The estrus rate in the cows with follicular cysts was significantly lower (approximately 50%) than the rate in the other groups of cows, consistent with a previous report that approximately half of cows with plasma progesterone concentrations < 0.5 ng/mL were found to be in estrus within 7 d after treatment with PGF(6). Furthermore, the conception rate for these cows was relatively high. The standard recommendation is that cows with cystic ovarian disease, in particular those with follicular cysts, should be treated with GnRH (5). However, according to the results of the current study, in which the rates of estrus and pregnancy in response to PGF were relatively high, even in cows with follicular cysts, PGF treatment is appropriate, particularly in herds with good estrus detection. In that regard, in cows with cystic ovarian disease, pregnancy rates 7 and 14 d after treatment were significantly higher in cows given PGF than in those given GnRH at the time of cyst diagnosis (6). Furthermore, in cows with ovarian cysts that respond to treatment with PGF, estrus would occur much sooner than if these cows were given GnRH. Therefore, in herds with good estrus detection, perhaps all cows with an ovarian cyst should be given PGF and inseminated when estrus is detected, GnRH treatment being reserved for those in which estrus is not detected.

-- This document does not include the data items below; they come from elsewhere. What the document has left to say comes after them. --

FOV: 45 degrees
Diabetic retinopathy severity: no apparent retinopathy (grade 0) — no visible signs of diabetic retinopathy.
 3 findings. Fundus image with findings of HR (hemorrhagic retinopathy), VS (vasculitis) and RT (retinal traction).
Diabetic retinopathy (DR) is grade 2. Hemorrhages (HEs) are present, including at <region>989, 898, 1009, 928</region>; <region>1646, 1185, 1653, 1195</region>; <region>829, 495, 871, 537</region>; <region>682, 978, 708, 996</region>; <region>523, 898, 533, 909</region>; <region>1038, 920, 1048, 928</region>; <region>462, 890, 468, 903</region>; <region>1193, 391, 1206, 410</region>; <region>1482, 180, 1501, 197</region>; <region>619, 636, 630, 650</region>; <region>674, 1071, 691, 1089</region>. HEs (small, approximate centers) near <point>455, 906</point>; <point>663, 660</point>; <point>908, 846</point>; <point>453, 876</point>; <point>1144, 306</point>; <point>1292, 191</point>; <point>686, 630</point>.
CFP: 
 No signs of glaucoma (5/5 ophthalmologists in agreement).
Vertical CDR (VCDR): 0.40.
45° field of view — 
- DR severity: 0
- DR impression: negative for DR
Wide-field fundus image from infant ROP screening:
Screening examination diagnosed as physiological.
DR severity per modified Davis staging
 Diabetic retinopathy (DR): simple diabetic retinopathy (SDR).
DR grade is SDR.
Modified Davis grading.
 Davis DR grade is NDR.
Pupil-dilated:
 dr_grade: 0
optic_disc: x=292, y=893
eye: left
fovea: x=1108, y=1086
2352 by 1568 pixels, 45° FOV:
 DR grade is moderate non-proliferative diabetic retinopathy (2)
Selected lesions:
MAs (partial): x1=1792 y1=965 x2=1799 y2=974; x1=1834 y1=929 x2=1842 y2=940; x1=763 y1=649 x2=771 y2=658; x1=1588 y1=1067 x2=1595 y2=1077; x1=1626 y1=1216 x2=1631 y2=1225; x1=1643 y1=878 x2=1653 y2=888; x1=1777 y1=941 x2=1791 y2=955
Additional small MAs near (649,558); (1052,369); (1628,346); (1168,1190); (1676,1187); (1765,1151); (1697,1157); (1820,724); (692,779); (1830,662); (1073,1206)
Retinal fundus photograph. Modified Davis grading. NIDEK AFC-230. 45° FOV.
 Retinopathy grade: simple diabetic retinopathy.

To maximize the conception rate, only cows deemed to have physiological mucus were inseminated in the current study. The proportion of cows for which insemination was withheld owing to the absence of physiological mucus was approximately 15%, 23%, 54%, and 32% in those with a CL, CLcav, luteal cyst, and follicular cyst, respectively. Although not all cows for which insemination was withheld necessarily had metritis or endometritis, there is an apparent association between postpartum uterine infection and cystic ovarian disease (7).

In summary, cows with a CLcav or a solid CL had similar estrus rates, but the conception rate of the cows with a CLcav was approximately one-third lower than that of the cows with a solid CL. Among the cows with an ovarian cyst, the estrus rate was nearly 50% lower in those with a follicular cyst than in those with a luteal cyst, but the conception rates were not significantly different. These findings were not consistent with the dogma that a CLcav in cattle has no effect on CL function and that treatment with PGF is inappropriate for cows with a follicular cyst.

Acknowledgment

This experiment was supported by the Hungarian Scientific Research Fund (OTKA 73805).